## Task requirements
Where a line of the data below has the string "shows", copy that line.

## Source information

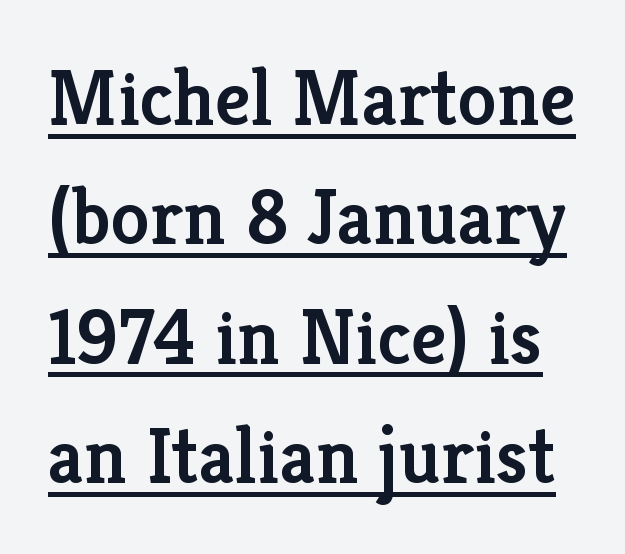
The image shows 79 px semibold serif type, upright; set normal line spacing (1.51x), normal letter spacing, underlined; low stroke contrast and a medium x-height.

* * *

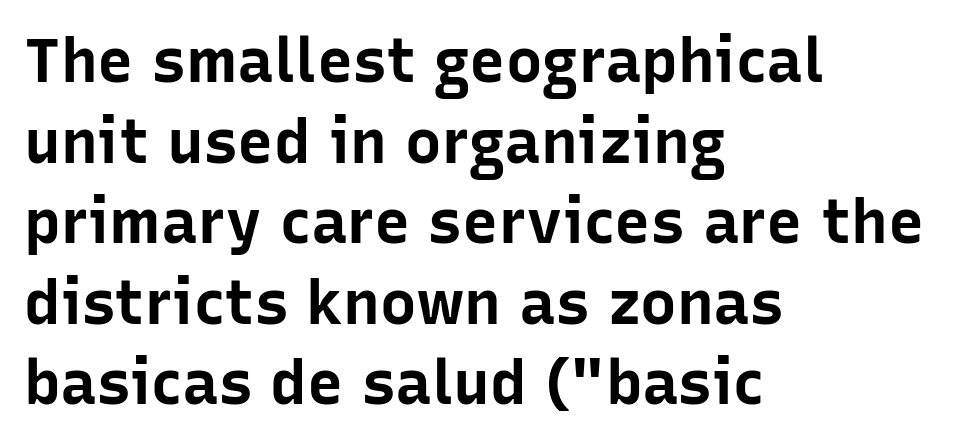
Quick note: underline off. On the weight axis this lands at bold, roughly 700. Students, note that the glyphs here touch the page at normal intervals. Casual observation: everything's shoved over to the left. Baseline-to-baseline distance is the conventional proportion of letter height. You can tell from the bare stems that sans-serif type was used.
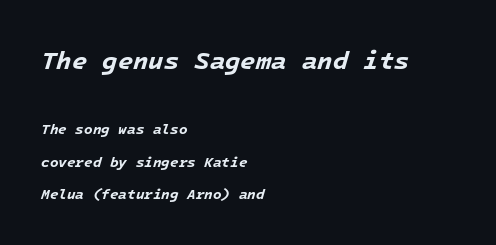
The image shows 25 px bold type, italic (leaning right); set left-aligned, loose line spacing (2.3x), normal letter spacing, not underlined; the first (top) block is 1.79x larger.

## Answer for the task
The image shows 79 px semibold serif type, upright; set normal line spacing (1.51x), normal letter spacing, underlined; low stroke contrast and a medium x-height.
The image shows 25 px bold type, italic (leaning right); set left-aligned, loose line spacing (2.3x), normal letter spacing, not underlined; the first (top) block is 1.79x larger.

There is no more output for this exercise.